MDAnalysis / pmda

Parallel algorithms for MDAnalysis
https://www.mdanalysis.org/pmda/
Other
31 stars 22 forks source link

Error when running `AnalysisFromFunction()` on more processes than frames #147

Open luponzo86 opened 3 years ago

luponzo86 commented 3 years ago

Expected behaviour

Successfully running AnalysisFromFunction() on all available CPUs by setting n_jobs=-1 even for very small trajectories.

Actual behaviour

A Warning is raised:

/srv/home/lponzoni/anaconda3/envs/ifpe/lib/python3.7/site-packages/pmda/parallel.py:360: UserWarning: run() uses more blocks than frames: decrease n_blocks
  warnings.warn("run() uses more blocks than frames: "
/srv/home/lponzoni/anaconda3/envs/ifpe/lib/python3.7/site-packages/numpy/core/_asarray.py:83: VisibleDeprecationWarning: Creating an ndarray from ragged nested sequences (which is a list-or-tuple of lists-or-tuples-or ndarrays with different lengths or shapes) is deprecated. If you meant to do this, you must specify 'dtype=object' when creating the ndarray
  return array(a, dtype, copy=False, order=order)

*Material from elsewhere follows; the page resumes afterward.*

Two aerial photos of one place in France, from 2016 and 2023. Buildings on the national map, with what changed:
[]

but the code runs anyway until an error is thrown:


---------------------------------------------------------------------------
ValueError                                Traceback (most recent call last)

<omissis>

/srv/home/lponzoni/anaconda3/envs/ifpe/lib/python3.7/site-packages/pmda/parallel.py in run(self, start, stop, step, n_jobs, n_blocks)
    398                 # save the frame numbers for all blocks
    399                 self._blocks = _blocks
--> 400                 self._conclude()
    401         # put all time information into the timing object
    402         self.timing = Timing(

/srv/home/lponzoni/anaconda3/envs/ifpe/lib/python3.7/site-packages/pmda/custom.py in _conclude(self)
    101 
    102     def _conclude(self):
--> 103         self.results = np.concatenate(self._results)
    104 
    105 

<__array_function__ internals> in concatenate(*args, **kwargs)

ValueError: all the input arrays must have same number of dimensions, but the array at index 0 has 2 dimension(s) and the array at index 10 has 1 dimension(s)

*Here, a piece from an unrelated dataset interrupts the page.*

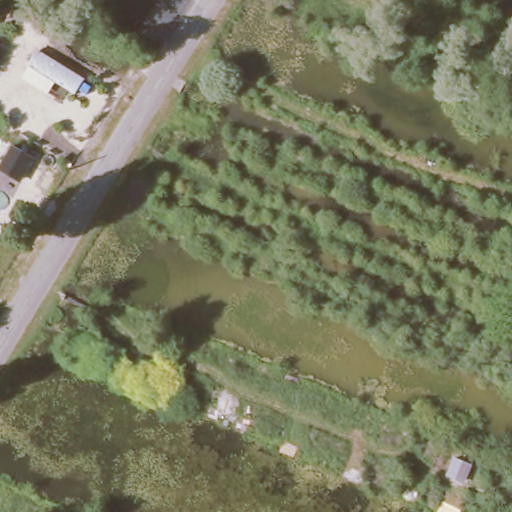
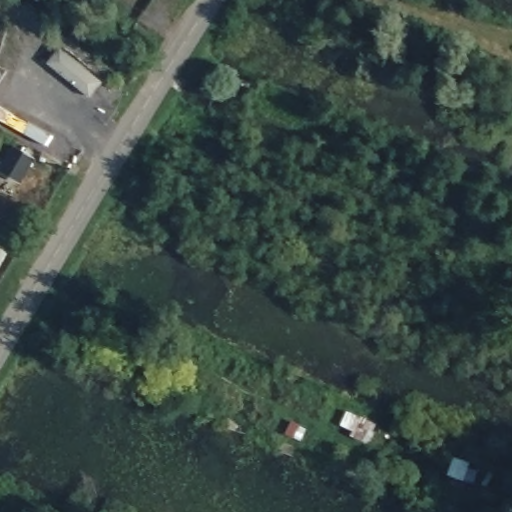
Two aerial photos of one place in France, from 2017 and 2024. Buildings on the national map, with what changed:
unchanged [(13,144),(34,156),(22,177),(1,165),(13,144)]

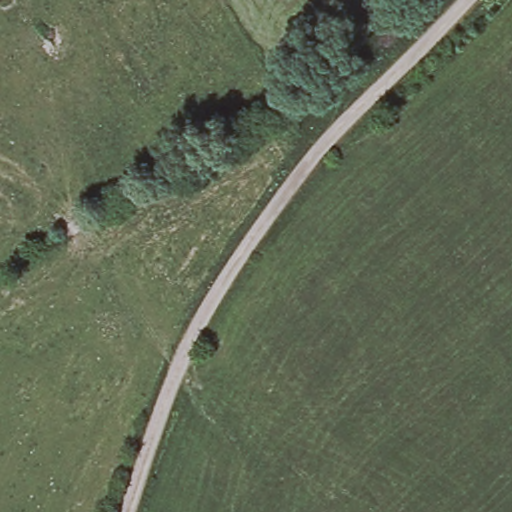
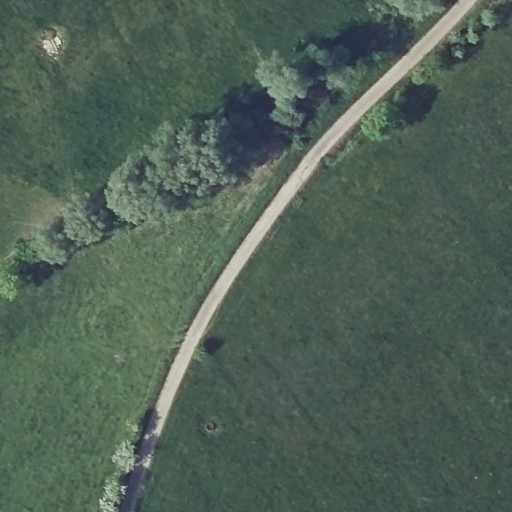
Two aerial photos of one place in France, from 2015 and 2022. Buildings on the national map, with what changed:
[]

Code to reproduce the behaviour

I could not find MDs to run an example on (I had problems installing MDAnalysisTests, see issue #3084) but it basically happens when AnalysisFromFunction() is run on a trajectory with n frames and n_jobs is set to a value greater than n, or n_jobs = -1

This is not a big deal, but it was hard to debug and I wanted to report it.

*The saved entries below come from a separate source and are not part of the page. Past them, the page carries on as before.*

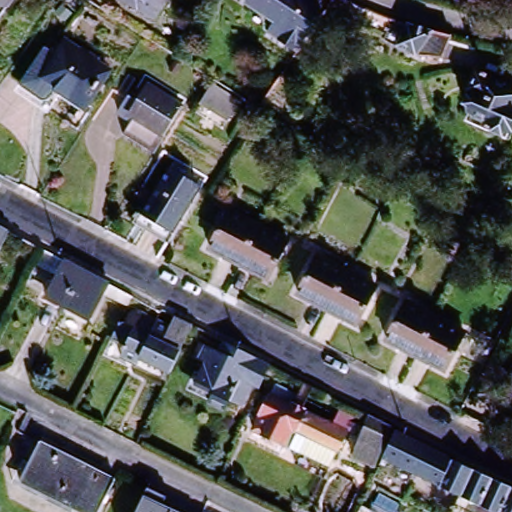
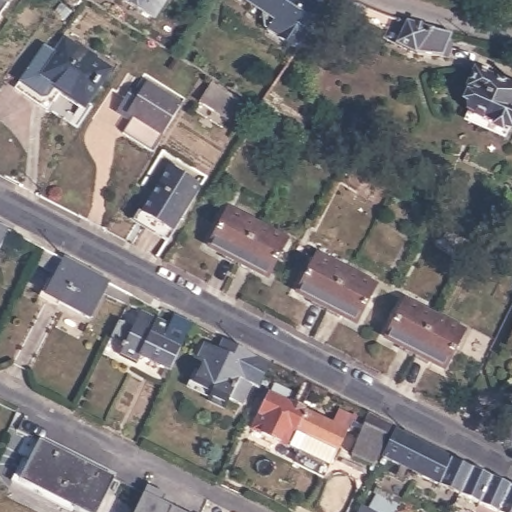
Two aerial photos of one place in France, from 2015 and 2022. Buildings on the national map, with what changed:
unchanged [(2,29),(0,28),(0,0),(22,0),(2,29)]
unchanged [(129,9),(115,0),(135,0),(129,9)]
unchanged [(248,1),(247,0),(248,0),(248,1)]
unchanged [(297,48),(267,29),(277,12),(258,0),(305,0),(305,1),(321,11),(297,48)]
unchanged [(396,20),(438,32),(430,53),(386,42),(396,20)]
unchanged [(69,93),(65,97),(45,84),(70,46),(83,54),(85,49),(100,59),(97,63),(111,72),(90,107),(69,93)]
unchanged [(481,100),(471,96),(480,77),(512,92),(512,135),(473,118),(481,100)]
unchanged [(169,130),(134,109),(141,96),(150,82),(185,104),(169,130)]
unchanged [(199,107),(210,89),(236,104),(225,122),(199,107)]
unchanged [(141,96),(134,109),(169,130),(156,151),(125,131),(132,119),(120,111),(132,91),(141,96)]
unchanged [(135,225),(169,169),(200,187),(165,243),(135,225)]
unchanged [(227,211),(257,227),(237,265),(207,249),(227,211)]
unchanged [(257,227),(287,242),(267,280),(237,265),(257,227)]
unchanged [(0,248),(0,229),(7,233),(0,248)]
unchanged [(317,258),(346,273),(327,311),(298,296),(317,258)]
unchanged [(100,300),(87,322),(45,299),(64,262),(107,286),(127,296),(120,310),(100,300)]
unchanged [(346,273),(375,288),(356,326),(327,311),(346,273)]
unchanged [(405,305),(435,321),(416,357),(386,342),(405,305)]
unchanged [(153,322),(136,356),(131,365),(114,356),(119,345),(107,339),(115,323),(126,328),(135,312),(153,322)]
unchanged [(136,356),(153,322),(165,328),(172,315),(190,324),(168,371),(136,356)]
unchanged [(435,321),(465,336),(446,372),(416,357),(435,321)]
unchanged [(245,378),(250,381),(240,402),(228,397),(224,406),(206,398),(210,389),(192,381),(203,359),(194,355),(200,342),(218,351),(224,341),(256,357),(245,378)]
unchanged [(252,375),(257,365),(267,370),(262,379),(252,375)]
unchanged [(302,442),(292,437),(289,444),(252,426),(270,391),(345,428),(330,457),(322,474),(294,460),(302,442)]
unchanged [(353,456),(366,427),(372,415),(392,426),(387,437),(373,466),(353,456)]
unchanged [(460,495),(440,486),(442,481),(385,454),(395,431),(453,458),(473,468),(494,477),(512,487),(512,512),(495,512),(480,505),(460,495)]
unchanged [(70,505),(17,478),(37,439),(110,476),(91,512),(77,512),(69,508),(70,505)]
unchanged [(167,491),(164,498),(191,512),(132,512),(148,481),(167,491)]
unchanged [(452,510),(458,512),(426,512),(432,500),(452,510)]

Currently version of MDAnalysis: 1.0.0

pmda version: 0.3.0

luponzo86 commented 3 years ago

A quick fix would be to add the following check:

    # import trajectory
    u = mda.Universe(pdb_file, traj_file)

    # set number of parallel processes
    if n_jobs == -1:
        n_jobs = len(os.sched_getaffinity(0))
    # make sure that n_jobs is not greater than the actual number of frames
    n_total_frames = len(u.trajectory)
    n_actual_frames = len(range(
        start if start else 0,
        min(n_total_frames, stop) if stop else n_total_frames,
        step if step else 1))
    n_jobs = min(n_jobs, n_actual_frames)
orbeckst commented 3 years ago

Thank you.

orbeckst commented 3 years ago

@luponzo86 you could create a pull request with your check. We would review, guide you in adding tests, and you'd become an author of PMDA.

Development on PMDA is currently pretty slow because everybody is doing many other things (and in particular, there's a lot of work on MDAnalysis itself). Any help is greatly appreciated.